The Ottoman persecution of Alevis is best known in connection with the Ottoman sultan Selim I's reign (1512–1520) and his war against the Safavids in 1514. But there are examples that indicate that there already existed problems with Alevi groups in the Ottoman Empire since the 14th century, The Alevis were generally persecuted for sympathizing in the negative role of Safavids.

Persecution of Alevi-like groups before 1500

14th century 
Ottoman problems with heterodox Muslim groups already existed in the 14th century. An example of this can be found in Seyyid Ali Sultan's (also called Kızıldeli) hagiography, which mentions a certain dervish called Seyyid Rüstem (d. 1421). Accordingly, Seyyid Rüstem got in trouble with the local Ottoman officials, despite the fact that he had a personal agreement with the sultan Orhan I to obtain some soil. As the official had heard of Seyyid Rüstem, he shouted: "How dare this  make a mark on my land and depart from obedience? How can he live without my permission?" It should be mentioned that the term  was a typical and often condescending name for Qālandar people.
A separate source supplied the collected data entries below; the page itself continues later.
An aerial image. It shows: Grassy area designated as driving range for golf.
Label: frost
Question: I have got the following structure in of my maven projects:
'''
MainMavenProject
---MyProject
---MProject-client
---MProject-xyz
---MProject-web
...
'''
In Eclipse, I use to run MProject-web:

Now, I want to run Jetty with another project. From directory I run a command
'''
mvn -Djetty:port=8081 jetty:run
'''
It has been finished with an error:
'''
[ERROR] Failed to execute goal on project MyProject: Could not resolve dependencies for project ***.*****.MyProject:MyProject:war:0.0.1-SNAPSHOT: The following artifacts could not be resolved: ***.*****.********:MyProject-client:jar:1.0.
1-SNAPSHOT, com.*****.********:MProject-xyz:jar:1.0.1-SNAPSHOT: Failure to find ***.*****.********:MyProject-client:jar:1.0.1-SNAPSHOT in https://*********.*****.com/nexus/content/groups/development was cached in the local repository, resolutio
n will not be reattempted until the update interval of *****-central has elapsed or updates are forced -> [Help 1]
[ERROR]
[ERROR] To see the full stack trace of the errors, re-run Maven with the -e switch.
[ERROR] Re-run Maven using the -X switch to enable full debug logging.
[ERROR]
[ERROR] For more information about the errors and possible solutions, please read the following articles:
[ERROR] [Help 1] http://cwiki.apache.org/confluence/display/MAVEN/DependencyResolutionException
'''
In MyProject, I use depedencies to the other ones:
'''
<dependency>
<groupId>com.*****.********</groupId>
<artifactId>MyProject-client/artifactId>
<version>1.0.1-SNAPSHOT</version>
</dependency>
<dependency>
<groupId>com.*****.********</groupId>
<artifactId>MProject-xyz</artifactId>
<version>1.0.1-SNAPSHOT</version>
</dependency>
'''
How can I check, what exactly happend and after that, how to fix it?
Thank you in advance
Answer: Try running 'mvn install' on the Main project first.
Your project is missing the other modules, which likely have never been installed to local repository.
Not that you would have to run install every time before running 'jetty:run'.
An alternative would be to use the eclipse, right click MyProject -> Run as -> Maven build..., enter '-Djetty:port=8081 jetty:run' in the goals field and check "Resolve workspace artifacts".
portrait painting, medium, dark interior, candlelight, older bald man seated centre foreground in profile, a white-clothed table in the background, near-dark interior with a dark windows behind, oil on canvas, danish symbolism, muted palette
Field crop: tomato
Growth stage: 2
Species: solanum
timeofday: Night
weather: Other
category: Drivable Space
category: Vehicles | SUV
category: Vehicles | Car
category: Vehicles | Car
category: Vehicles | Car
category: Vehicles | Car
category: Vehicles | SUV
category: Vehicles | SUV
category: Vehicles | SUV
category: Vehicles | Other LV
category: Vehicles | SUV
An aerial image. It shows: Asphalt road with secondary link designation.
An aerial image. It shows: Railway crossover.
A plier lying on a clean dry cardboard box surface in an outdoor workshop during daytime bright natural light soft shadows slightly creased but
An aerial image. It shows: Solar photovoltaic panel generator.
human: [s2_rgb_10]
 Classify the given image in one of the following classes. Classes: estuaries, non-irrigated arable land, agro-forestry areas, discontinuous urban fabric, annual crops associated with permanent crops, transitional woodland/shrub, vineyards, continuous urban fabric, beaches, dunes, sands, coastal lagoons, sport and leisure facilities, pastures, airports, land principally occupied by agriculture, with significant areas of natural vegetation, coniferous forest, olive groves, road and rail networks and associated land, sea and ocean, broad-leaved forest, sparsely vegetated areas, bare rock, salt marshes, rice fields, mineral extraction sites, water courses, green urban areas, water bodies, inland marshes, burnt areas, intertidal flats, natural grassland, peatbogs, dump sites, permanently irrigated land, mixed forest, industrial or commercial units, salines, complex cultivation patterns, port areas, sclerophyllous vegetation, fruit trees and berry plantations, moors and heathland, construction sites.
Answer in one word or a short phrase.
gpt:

This may mark a change in the Ottoman position, from accepting the relatively heterodox status quo in Anatolia, into more closely following orthodox Islamic law (Sharia), which did not fall on fertile ground among the more heterodox dervishes. This is also an example of how the Ottoman Sultans went from tribal and clan-based leadership, which had been the situation of Osman I and Orhan I, to more centralist leadership, leading to a decrease of local autonomy.

15th century 
A growing number of rebellions and problems occurred within the Empire 15th century onwards. Among the most notable examples include the Sheikh Bedreddin rebellion, which began in 1416. This rebellion is believed to have been caused by a culmination of socio-economic and religious tensions. The rebellion, which was also supported by non-Muslims, was eventually defeated, and Sheikh Bedreddin was executed with his apostles () in 1420.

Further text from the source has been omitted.